## Problem to work on
Repeat, word for word, each of the records shown below, without their pictures.

== Segment start ==

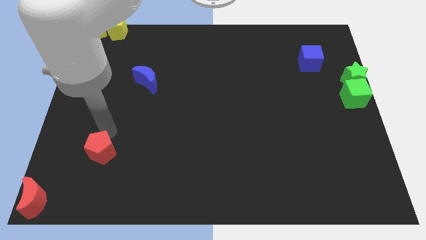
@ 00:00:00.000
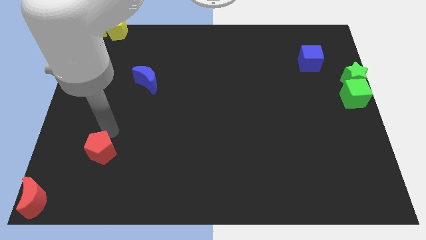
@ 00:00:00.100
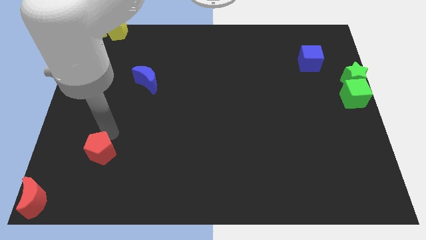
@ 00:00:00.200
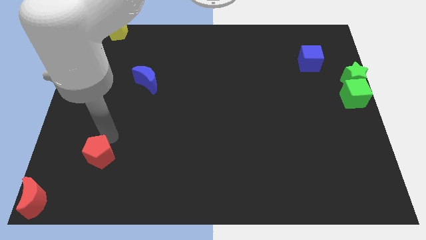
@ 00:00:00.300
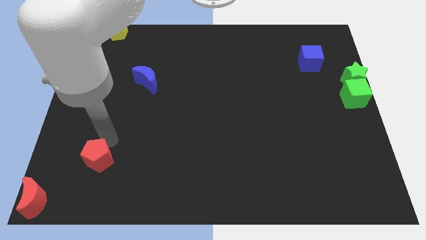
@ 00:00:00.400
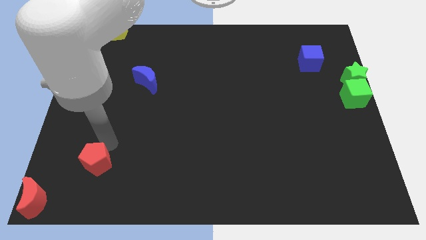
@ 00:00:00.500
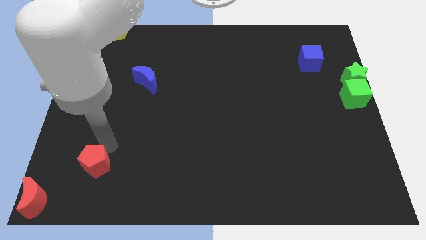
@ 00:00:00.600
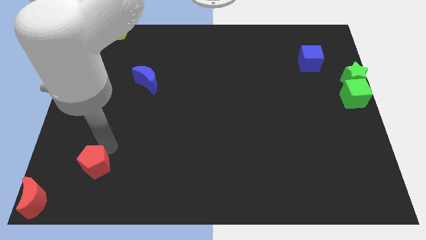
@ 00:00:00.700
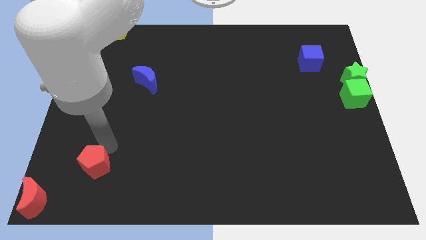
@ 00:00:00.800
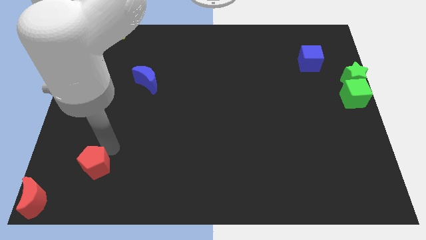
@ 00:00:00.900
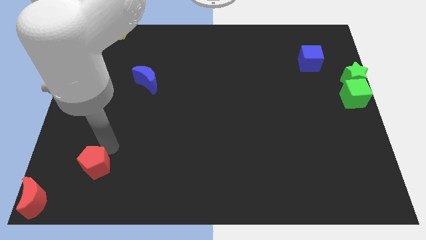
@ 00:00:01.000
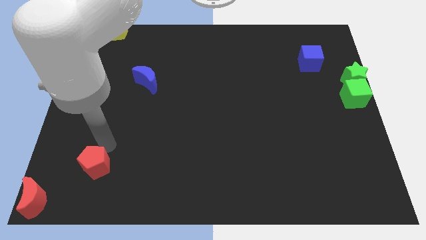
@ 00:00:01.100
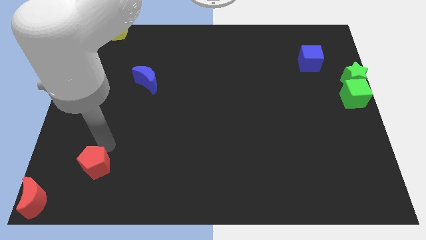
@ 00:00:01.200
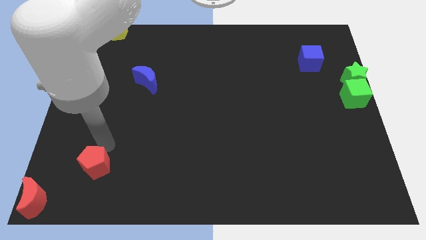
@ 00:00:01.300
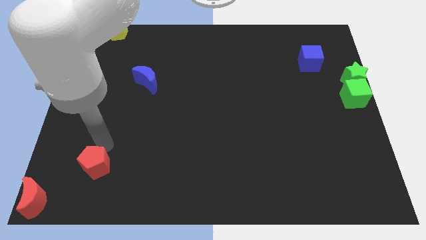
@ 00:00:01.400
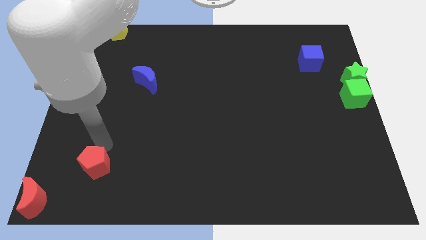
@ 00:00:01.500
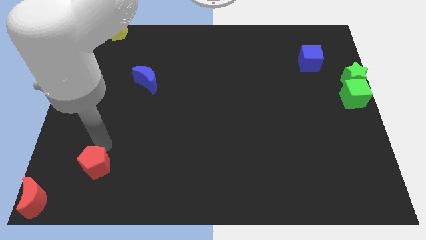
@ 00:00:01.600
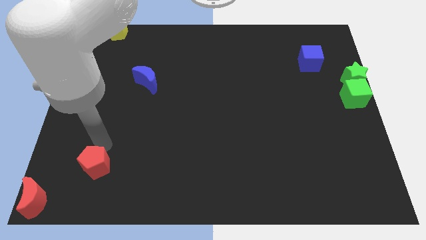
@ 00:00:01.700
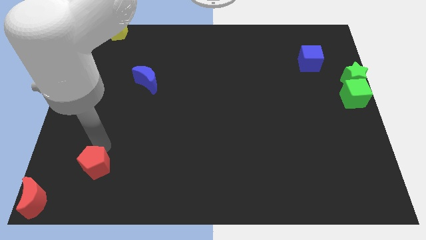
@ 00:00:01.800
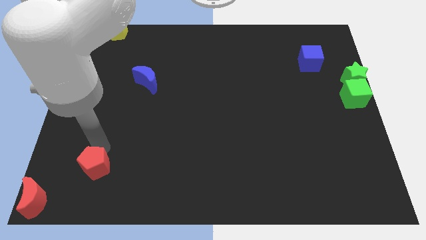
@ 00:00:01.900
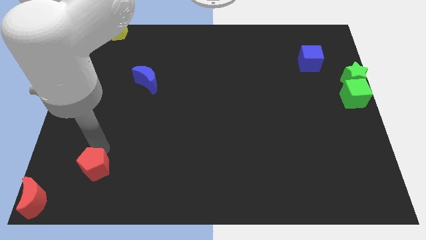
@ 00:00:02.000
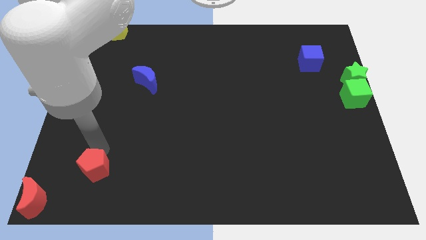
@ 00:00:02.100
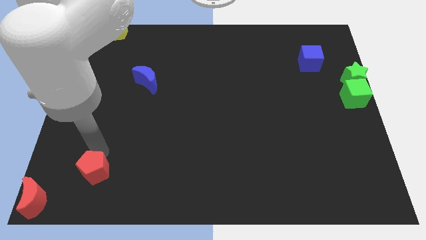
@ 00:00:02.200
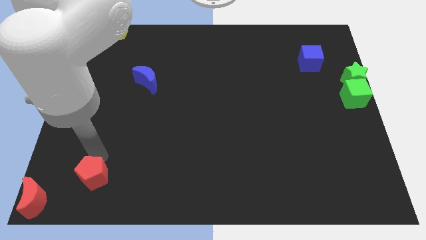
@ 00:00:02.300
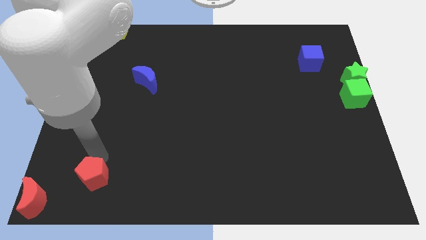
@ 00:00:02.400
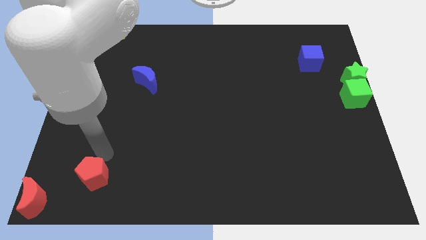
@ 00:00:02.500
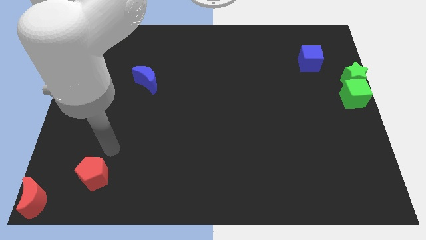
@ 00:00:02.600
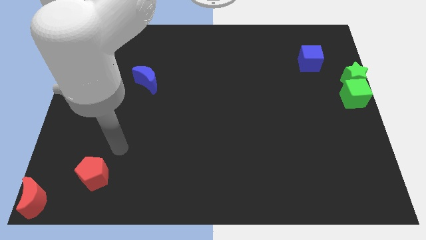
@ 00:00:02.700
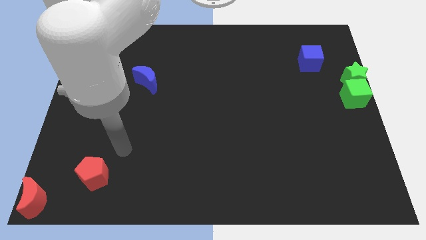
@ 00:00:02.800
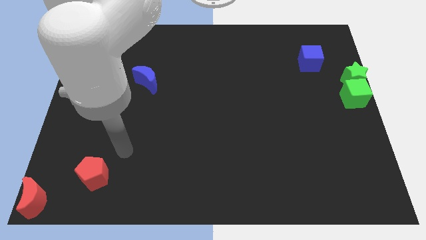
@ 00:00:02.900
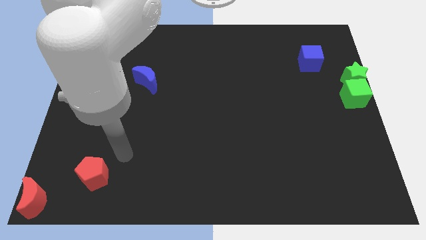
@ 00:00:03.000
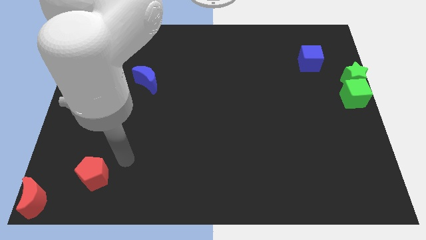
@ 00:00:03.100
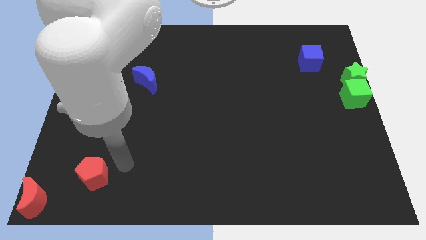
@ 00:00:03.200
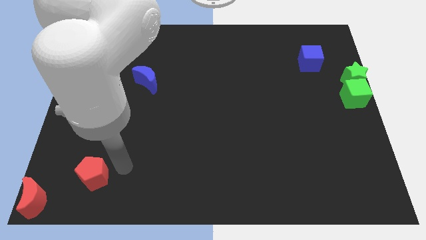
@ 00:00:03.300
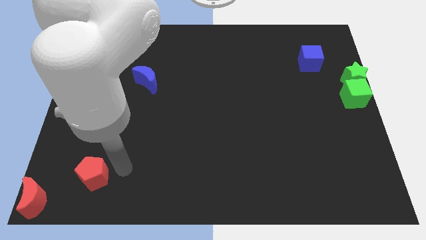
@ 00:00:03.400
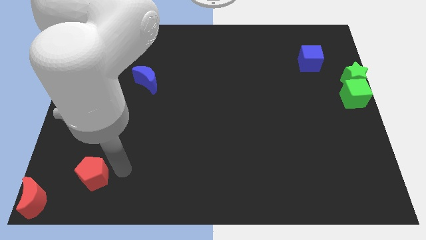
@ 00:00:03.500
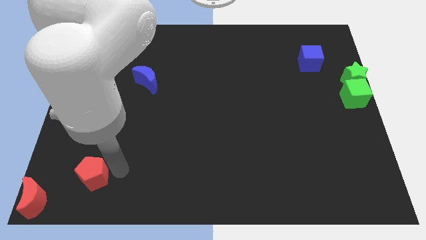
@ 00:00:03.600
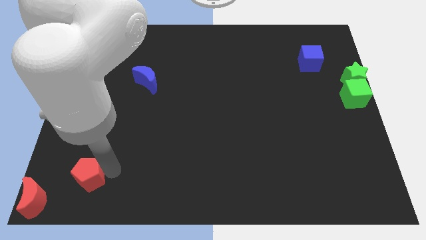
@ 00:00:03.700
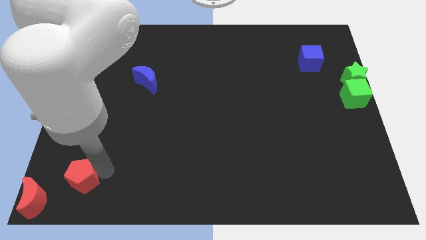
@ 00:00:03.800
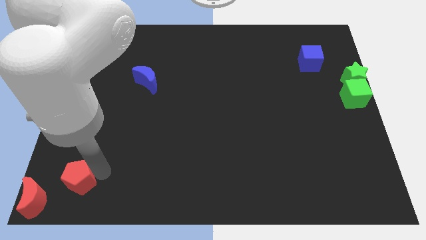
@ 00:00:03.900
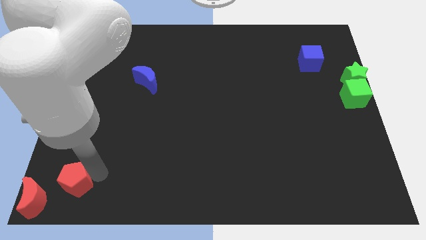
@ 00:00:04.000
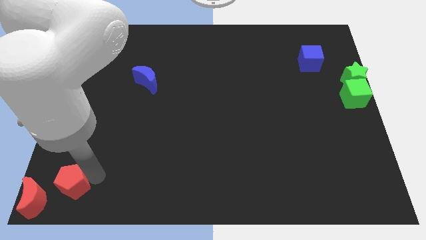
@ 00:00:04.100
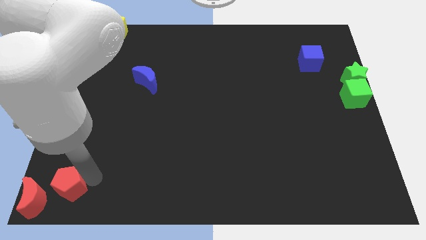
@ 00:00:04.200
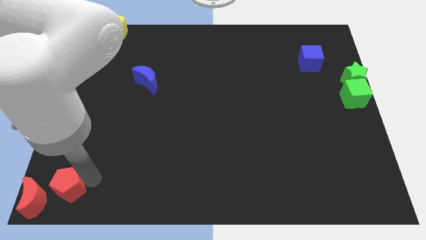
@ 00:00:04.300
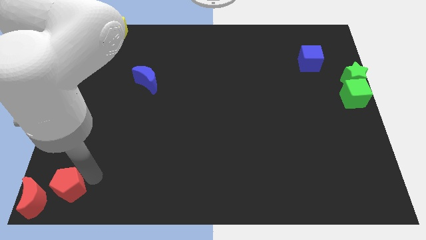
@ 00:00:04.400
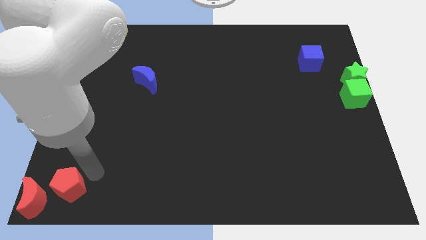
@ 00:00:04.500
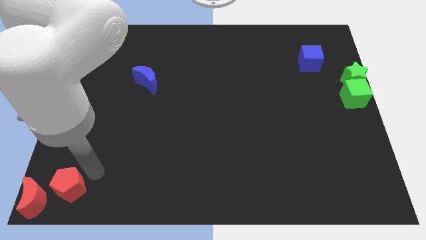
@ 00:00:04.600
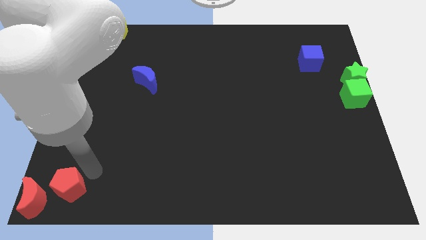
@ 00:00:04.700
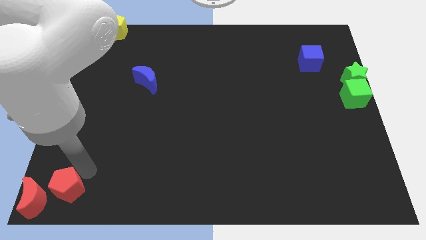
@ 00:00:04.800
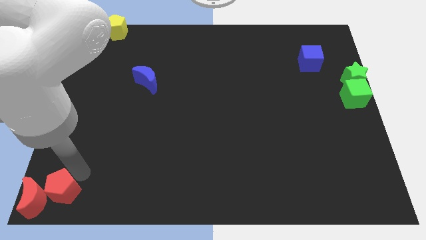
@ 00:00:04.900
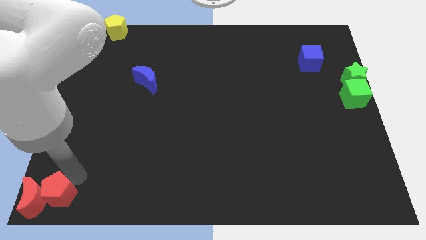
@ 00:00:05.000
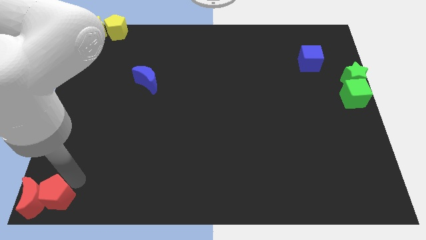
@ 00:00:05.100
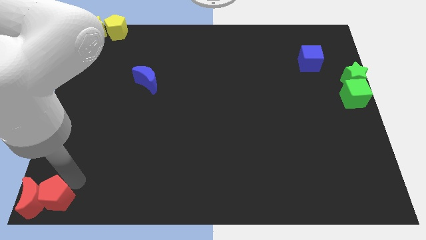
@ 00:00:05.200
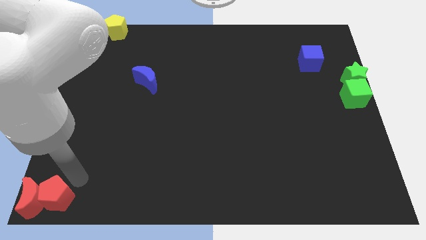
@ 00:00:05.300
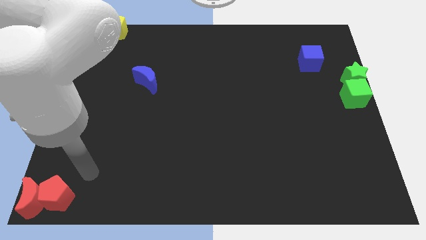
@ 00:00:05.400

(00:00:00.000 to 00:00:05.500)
place the red pentagon right to the red crescent

== Segment end ==

## Written response
@ 00:00:00.000
@ 00:00:00.100
@ 00:00:00.200
@ 00:00:00.300
@ 00:00:00.400
@ 00:00:00.500
@ 00:00:00.600
@ 00:00:00.700
@ 00:00:00.800
@ 00:00:00.900
@ 00:00:01.000
@ 00:00:01.100
@ 00:00:01.200
@ 00:00:01.300
@ 00:00:01.400
@ 00:00:01.500
@ 00:00:01.600
@ 00:00:01.700
@ 00:00:01.800
@ 00:00:01.900
@ 00:00:02.000
@ 00:00:02.100
@ 00:00:02.200
@ 00:00:02.300
@ 00:00:02.400
@ 00:00:02.500
@ 00:00:02.600
@ 00:00:02.700
@ 00:00:02.800
@ 00:00:02.900
@ 00:00:03.000
@ 00:00:03.100
@ 00:00:03.200
@ 00:00:03.300
@ 00:00:03.400
@ 00:00:03.500
@ 00:00:03.600
@ 00:00:03.700
@ 00:00:03.800
@ 00:00:03.900
@ 00:00:04.000
@ 00:00:04.100
@ 00:00:04.200
@ 00:00:04.300
@ 00:00:04.400
@ 00:00:04.500
@ 00:00:04.600
@ 00:00:04.700
@ 00:00:04.800
@ 00:00:04.900
@ 00:00:05.000
@ 00:00:05.100
@ 00:00:05.200
@ 00:00:05.300
@ 00:00:05.400

(00:00:00.000 to 00:00:05.500)
place the red pentagon right to the red crescent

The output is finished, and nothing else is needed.